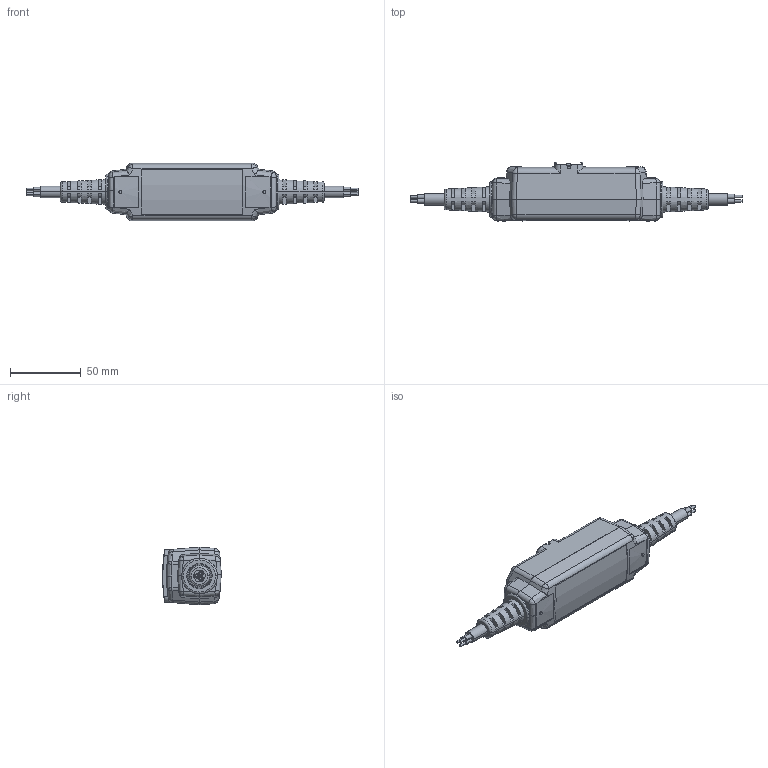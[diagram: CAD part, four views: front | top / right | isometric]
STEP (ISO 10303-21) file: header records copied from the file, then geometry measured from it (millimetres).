
FILE_DESCRIPTION (( 'STEP AP214' ), '1' );
FILE_NAME ('CATSTD-GSCM1-XXX.STEP', '2021-08-11T20:15:17', ( '' ), ( '' ), 'SwSTEP 2.0', 'SolidWorks 2020', '' );
FILE_SCHEMA (( 'AUTOMOTIVE_DESIGN' ));
Length unit declared in the file: inch
Products named in the file (1): CATSTD-GSCM1-XXX
Bounding box: 235.17 x 41.83 x 40.85 mm (x, y, z)
Surface area: 29127.5 mm2 (no closed solid volume)
Topology: 0 solids, 13 shells, 500 faces, 1523 edges, 1046 vertices
Faces by surface type: plane 257, cylinder 121, bspline 72, cone 18, sphere 18, torus 14
Entity records: 27293 total; most frequent: CARTESIAN_POINT 8153, ORIENTED_EDGE 2626, DIRECTION 2409, EDGE_CURVE 1523, VERTEX_POINT 1046, AXIS2_PLACEMENT_3D 889, VECTOR 631, LINE 631
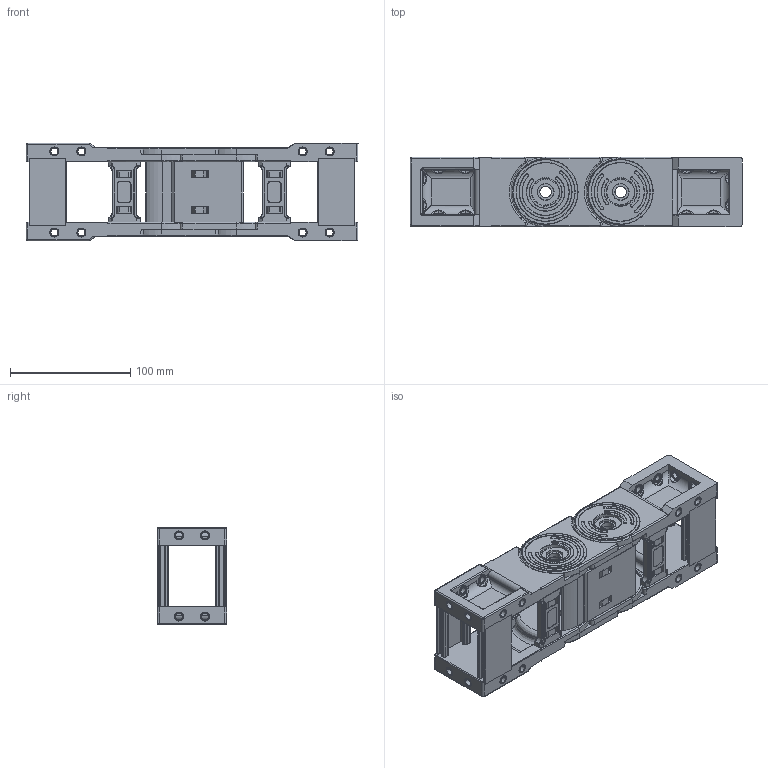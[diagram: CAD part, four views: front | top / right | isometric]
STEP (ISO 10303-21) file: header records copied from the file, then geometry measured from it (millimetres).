
FILE_DESCRIPTION (( 'STEP AP214' ), '1' );
FILE_NAME ('CK42-Y050-AYAK.STEP', '2019-09-18T12:41:31', ( '' ), ( '' ), 'SwSTEP 2.0', 'SolidWorks 2017', '' );
FILE_SCHEMA (( 'AUTOMOTIVE_DESIGN' ));
Length unit declared in the file: millimetre
Products named in the file (1): CK42-Y050-AYAK
Bounding box: 276.4 x 58 x 81 mm (x, y, z)
Volume: 329249.3 mm3; surface area: 207668.3 mm2
Topology: 40 solids, 40 shells, 3170 faces, 8136 edges, 5070 vertices
Faces by surface type: cylinder 1280, plane 1150, bspline 388, torus 292, sphere 60
Entity records: 151981 total; most frequent: CARTESIAN_POINT 80694, ORIENTED_EDGE 16088, DIRECTION 12536, EDGE_CURVE 8044, VERTEX_POINT 5070, AXIS2_PLACEMENT_3D 4327, LINE 3882, VECTOR 3882
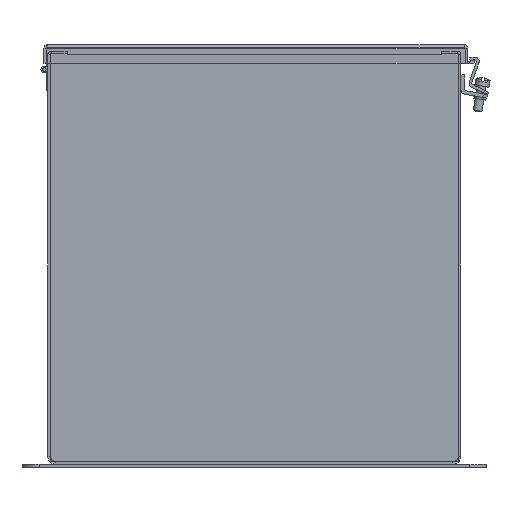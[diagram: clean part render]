
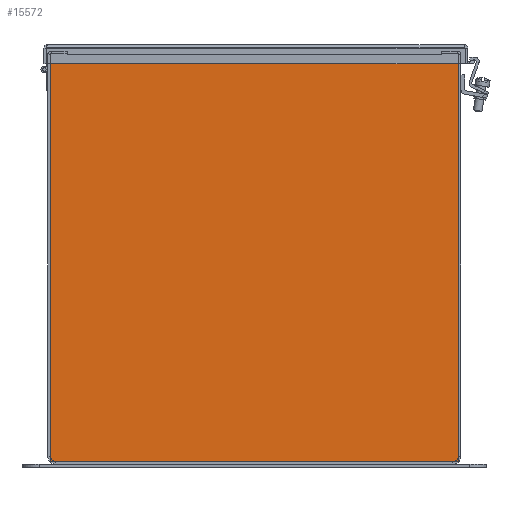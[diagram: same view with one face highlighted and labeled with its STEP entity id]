
A CAD part, left-side view. The second image highlights one B-rep face of the part: STEP entity #15572.
In plain terms, the highlighted face is planar.
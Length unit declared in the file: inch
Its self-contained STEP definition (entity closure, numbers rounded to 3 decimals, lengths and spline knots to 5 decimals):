
#451=PLANE('',#16584);
#951=FACE_OUTER_BOUND('',#1729,.T.);
#1729=EDGE_LOOP('',(#10325,#10326,#10327,#10328,#10329,#10330,#10331,#10332,
#10333,#10334,#10335,#10336));
#3322=LINE('',#22385,#4940);
#3337=LINE('',#22421,#4955);
#3340=LINE('',#22428,#4958);
#3344=LINE('',#22435,#4962);
#3346=LINE('',#22439,#4964);
#3347=LINE('',#22441,#4965);
#3348=LINE('',#22443,#4966);
#3349=LINE('',#22445,#4967);
#3350=LINE('',#22447,#4968);
#3351=LINE('',#22449,#4969);
#3352=LINE('',#22451,#4970);
#3353=LINE('',#22452,#4971);
#4940=VECTOR('',#18054,0.3937);
#4955=VECTOR('',#18093,0.3937);
#4958=VECTOR('',#18098,0.3937);
#4962=VECTOR('',#18104,0.3937);
#4964=VECTOR('',#18108,0.3937);
#4965=VECTOR('',#18109,0.3937);
#4966=VECTOR('',#18110,0.3937);
#4967=VECTOR('',#18111,0.3937);
#4968=VECTOR('',#18112,0.3937);
#4969=VECTOR('',#18113,0.3937);
#4970=VECTOR('',#18114,0.3937);
#4971=VECTOR('',#18115,0.3937);
#6539=VERTEX_POINT('',#22382);
#6540=VERTEX_POINT('',#22384);
#6549=VERTEX_POINT('',#22420);
#6551=VERTEX_POINT('',#22426);
#6552=VERTEX_POINT('',#22427);
#6555=VERTEX_POINT('',#22438);
#6556=VERTEX_POINT('',#22440);
#6557=VERTEX_POINT('',#22442);
#6558=VERTEX_POINT('',#22444);
#6559=VERTEX_POINT('',#22446);
#6560=VERTEX_POINT('',#22448);
#6561=VERTEX_POINT('',#22450);
#8011=EDGE_CURVE('',#6540,#6539,#3322,.T.);
#8029=EDGE_CURVE('',#6549,#6540,#3337,.T.);
#8032=EDGE_CURVE('',#6551,#6552,#3340,.T.);
#8036=EDGE_CURVE('',#6552,#6549,#3344,.T.);
#8038=EDGE_CURVE('',#6539,#6555,#3346,.T.);
#8039=EDGE_CURVE('',#6555,#6556,#3347,.T.);
#8040=EDGE_CURVE('',#6556,#6557,#3348,.T.);
#8041=EDGE_CURVE('',#6558,#6557,#3349,.T.);
#8042=EDGE_CURVE('',#6559,#6558,#3350,.T.);
#8043=EDGE_CURVE('',#6560,#6559,#3351,.T.);
#8044=EDGE_CURVE('',#6561,#6560,#3352,.T.);
#8045=EDGE_CURVE('',#6551,#6561,#3353,.T.);
#10325=ORIENTED_EDGE('',*,*,#8032,.T.);
#10326=ORIENTED_EDGE('',*,*,#8036,.T.);
#10327=ORIENTED_EDGE('',*,*,#8029,.T.);
#10328=ORIENTED_EDGE('',*,*,#8011,.T.);
#10329=ORIENTED_EDGE('',*,*,#8038,.T.);
#10330=ORIENTED_EDGE('',*,*,#8039,.T.);
#10331=ORIENTED_EDGE('',*,*,#8040,.T.);
#10332=ORIENTED_EDGE('',*,*,#8041,.F.);
#10333=ORIENTED_EDGE('',*,*,#8042,.F.);
#10334=ORIENTED_EDGE('',*,*,#8043,.F.);
#10335=ORIENTED_EDGE('',*,*,#8044,.F.);
#10336=ORIENTED_EDGE('',*,*,#8045,.F.);
#15572=ADVANCED_FACE('',(#951),#451,.F.);
#16584=AXIS2_PLACEMENT_3D('',#22437,#18106,#18107);
#18054=DIRECTION('',(1.,0.,0.));
#18093=DIRECTION('',(0.,1.,0.));
#18098=DIRECTION('',(0.,-1.,0.));
#18104=DIRECTION('',(1.,0.,0.));
#18106=DIRECTION('center_axis',(0.,0.,1.));
#18107=DIRECTION('ref_axis',(1.,0.,0.));
#18108=DIRECTION('',(0.,-1.,0.));
#18109=DIRECTION('',(1.,0.,0.));
#18110=DIRECTION('',(0.,1.,0.));
#18111=DIRECTION('',(-1.,0.,0.));
#18112=DIRECTION('',(0.,1.,0.));
#18113=DIRECTION('',(1.,0.,0.));
#18114=DIRECTION('',(0.,-1.,0.));
#18115=DIRECTION('',(-1.,0.,0.));
#22382=CARTESIAN_POINT('',(11.366,11.82075,0.));
#22384=CARTESIAN_POINT('',(0.486,11.82075,0.));
#22385=CARTESIAN_POINT('',(3.206,11.82075,0.));
#22420=CARTESIAN_POINT('',(0.486,11.82055,0.));
#22421=CARTESIAN_POINT('',(0.486,8.87328,0.));
#22426=CARTESIAN_POINT('',(0.4858,11.852,0.));
#22427=CARTESIAN_POINT('',(0.4858,11.82055,0.));
#22428=CARTESIAN_POINT('',(0.4858,8.889,0.));
#22435=CARTESIAN_POINT('',(3.2059,11.82055,0.));
#22437=CARTESIAN_POINT('Origin',(5.926,5.926,0.));
#22438=CARTESIAN_POINT('',(11.366,11.82055,0.));
#22439=CARTESIAN_POINT('',(11.366,8.889,0.));
#22440=CARTESIAN_POINT('',(11.3662,11.82055,0.));
#22441=CARTESIAN_POINT('',(8.646,11.82055,0.));
#22442=CARTESIAN_POINT('',(11.3662,11.852,0.));
#22443=CARTESIAN_POINT('',(11.3662,8.87328,0.));
#22444=CARTESIAN_POINT('',(11.852,11.852,0.));
#22445=CARTESIAN_POINT('',(11.852,11.852,0.));
#22446=CARTESIAN_POINT('',(11.852,0.,0.));
#22447=CARTESIAN_POINT('',(11.852,0.,0.));
#22448=CARTESIAN_POINT('',(0.,0.,0.));
#22449=CARTESIAN_POINT('',(0.,0.,0.));
#22450=CARTESIAN_POINT('',(0.,11.852,0.));
#22451=CARTESIAN_POINT('',(0.,11.852,0.));
#22452=CARTESIAN_POINT('',(11.852,11.852,0.));

▸ **WHAT NEEDS TO BE DONE**: Only the lines from the one containing "#6558=VERTEX_POINT('',#22444);" through the one containing "#8032=EDGE_CURVE('',#6551,#6552,#3340,.T.);" are to be retyped, both boundary lines included, with no other material.

▸ **ANSWER SECTION**:
#6558=VERTEX_POINT('',#22444);
#6559=VERTEX_POINT('',#22446);
#6560=VERTEX_POINT('',#22448);
#6561=VERTEX_POINT('',#22450);
#8011=EDGE_CURVE('',#6540,#6539,#3322,.T.);
#8029=EDGE_CURVE('',#6549,#6540,#3337,.T.);
#8032=EDGE_CURVE('',#6551,#6552,#3340,.T.);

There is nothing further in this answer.